PROBLEM TO WORK ON - Exactly the lines from the one with "It is 4.0 s since image 1." through the final line of the entries, and nothing else, should appear in the answer; no pictures go in it.

*****

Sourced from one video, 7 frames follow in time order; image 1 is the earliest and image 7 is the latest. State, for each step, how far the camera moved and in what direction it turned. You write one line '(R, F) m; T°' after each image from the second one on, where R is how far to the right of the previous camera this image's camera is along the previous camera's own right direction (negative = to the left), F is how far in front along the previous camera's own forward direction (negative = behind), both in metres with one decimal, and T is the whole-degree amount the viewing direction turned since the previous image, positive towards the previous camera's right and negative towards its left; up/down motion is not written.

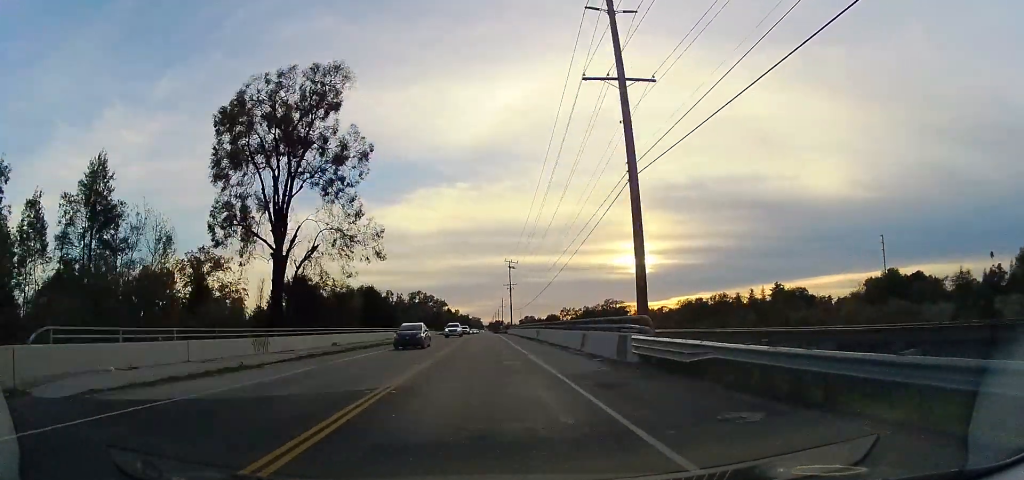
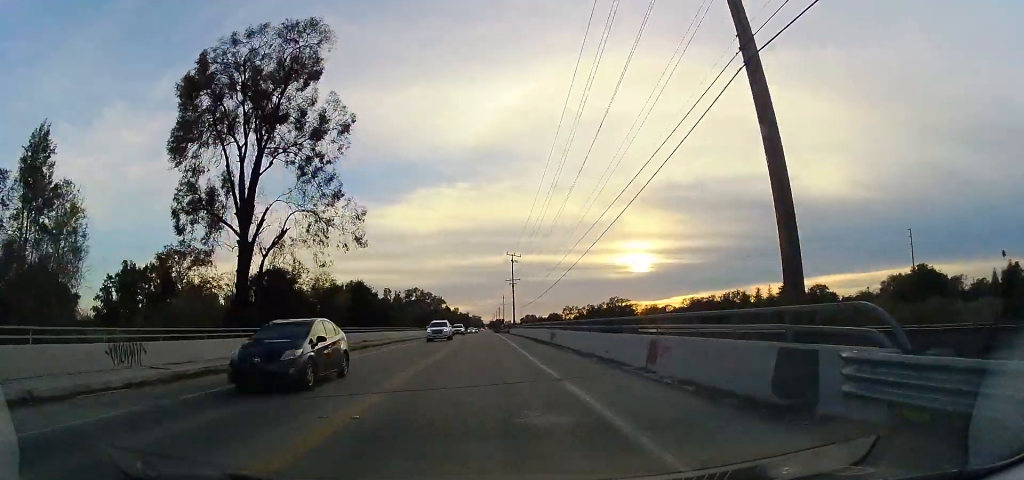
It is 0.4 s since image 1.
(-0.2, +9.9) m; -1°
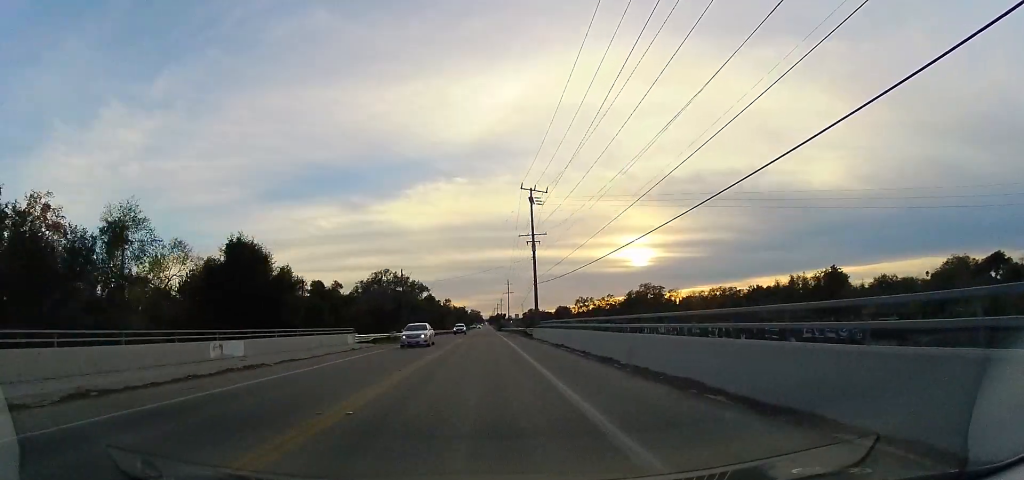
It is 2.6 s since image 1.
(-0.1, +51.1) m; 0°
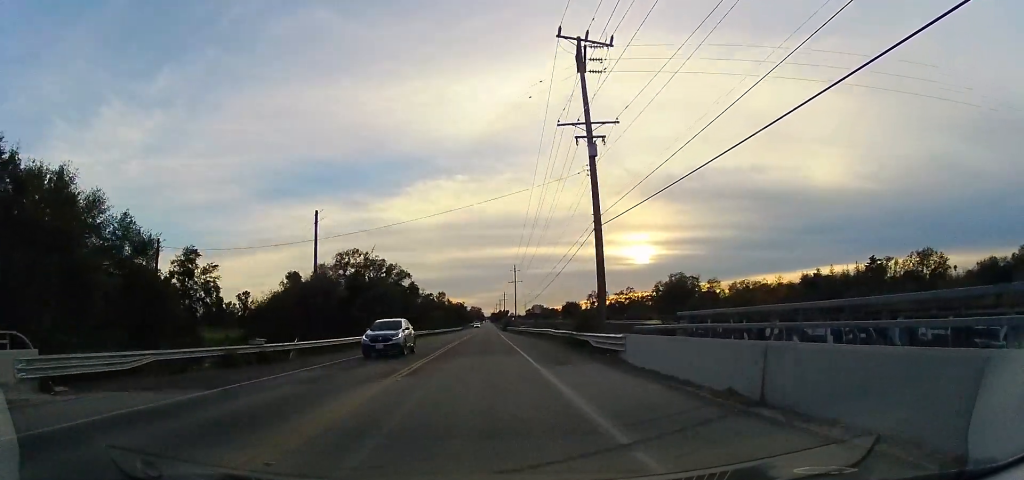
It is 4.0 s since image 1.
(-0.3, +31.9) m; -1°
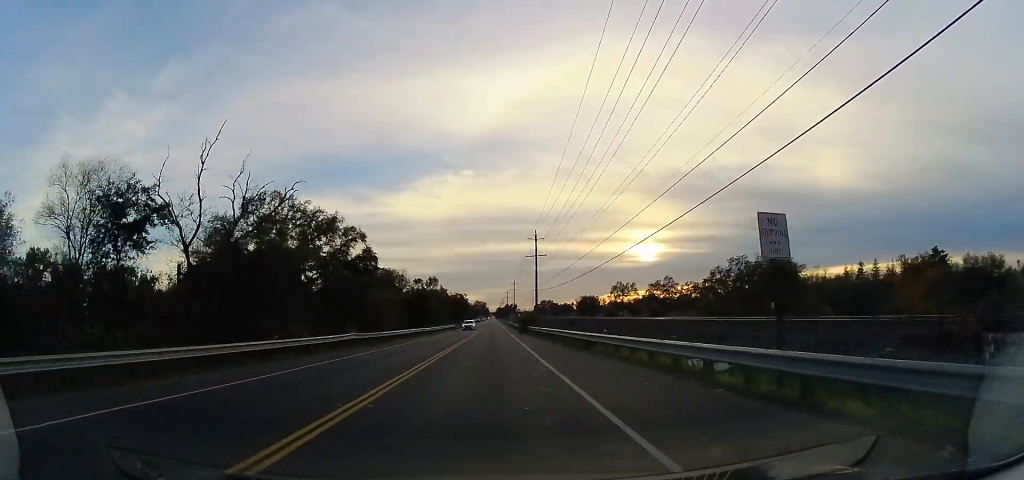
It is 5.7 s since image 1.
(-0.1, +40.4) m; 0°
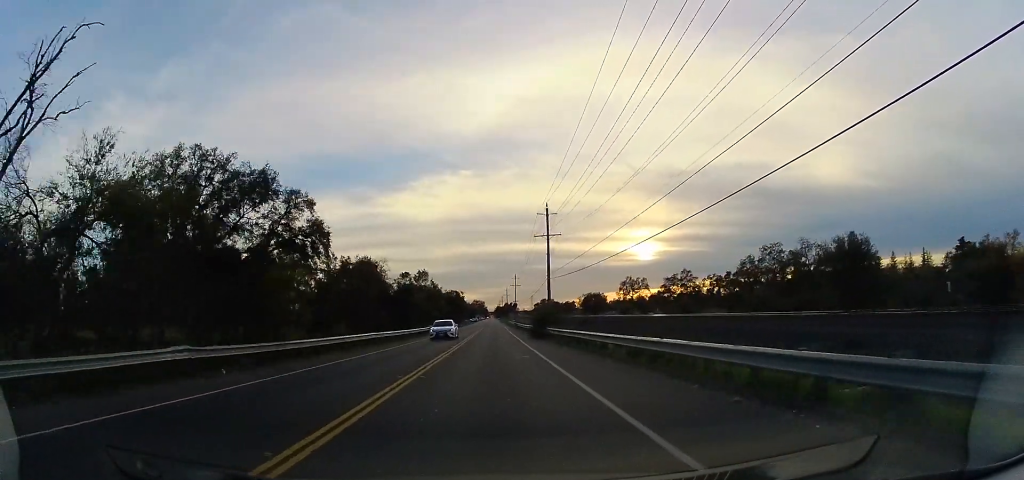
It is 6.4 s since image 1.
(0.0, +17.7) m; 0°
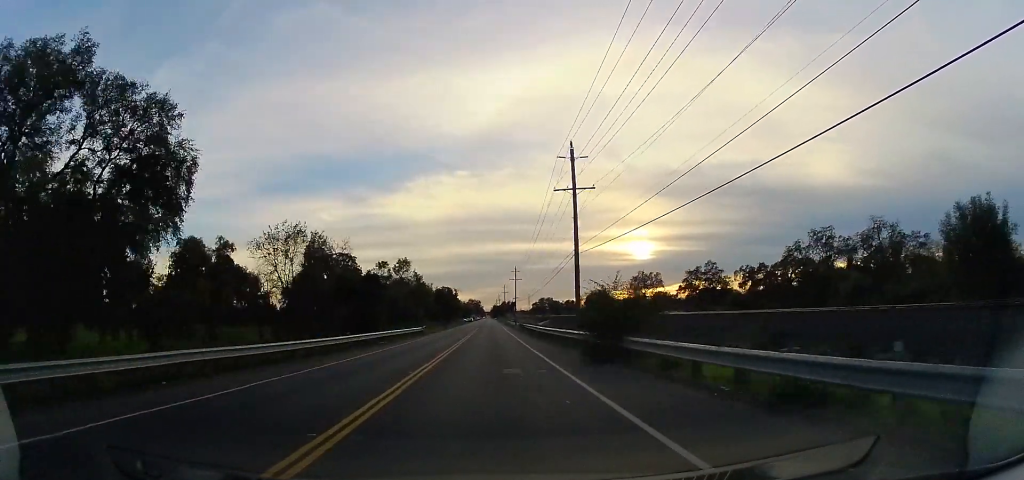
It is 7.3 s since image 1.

*****

TASK RESULT -
It is 4.0 s since image 1.
(-0.3, +31.9) m; -1°
It is 5.7 s since image 1.
(-0.1, +40.4) m; 0°
It is 6.4 s since image 1.
(0.0, +17.7) m; 0°
It is 7.3 s since image 1.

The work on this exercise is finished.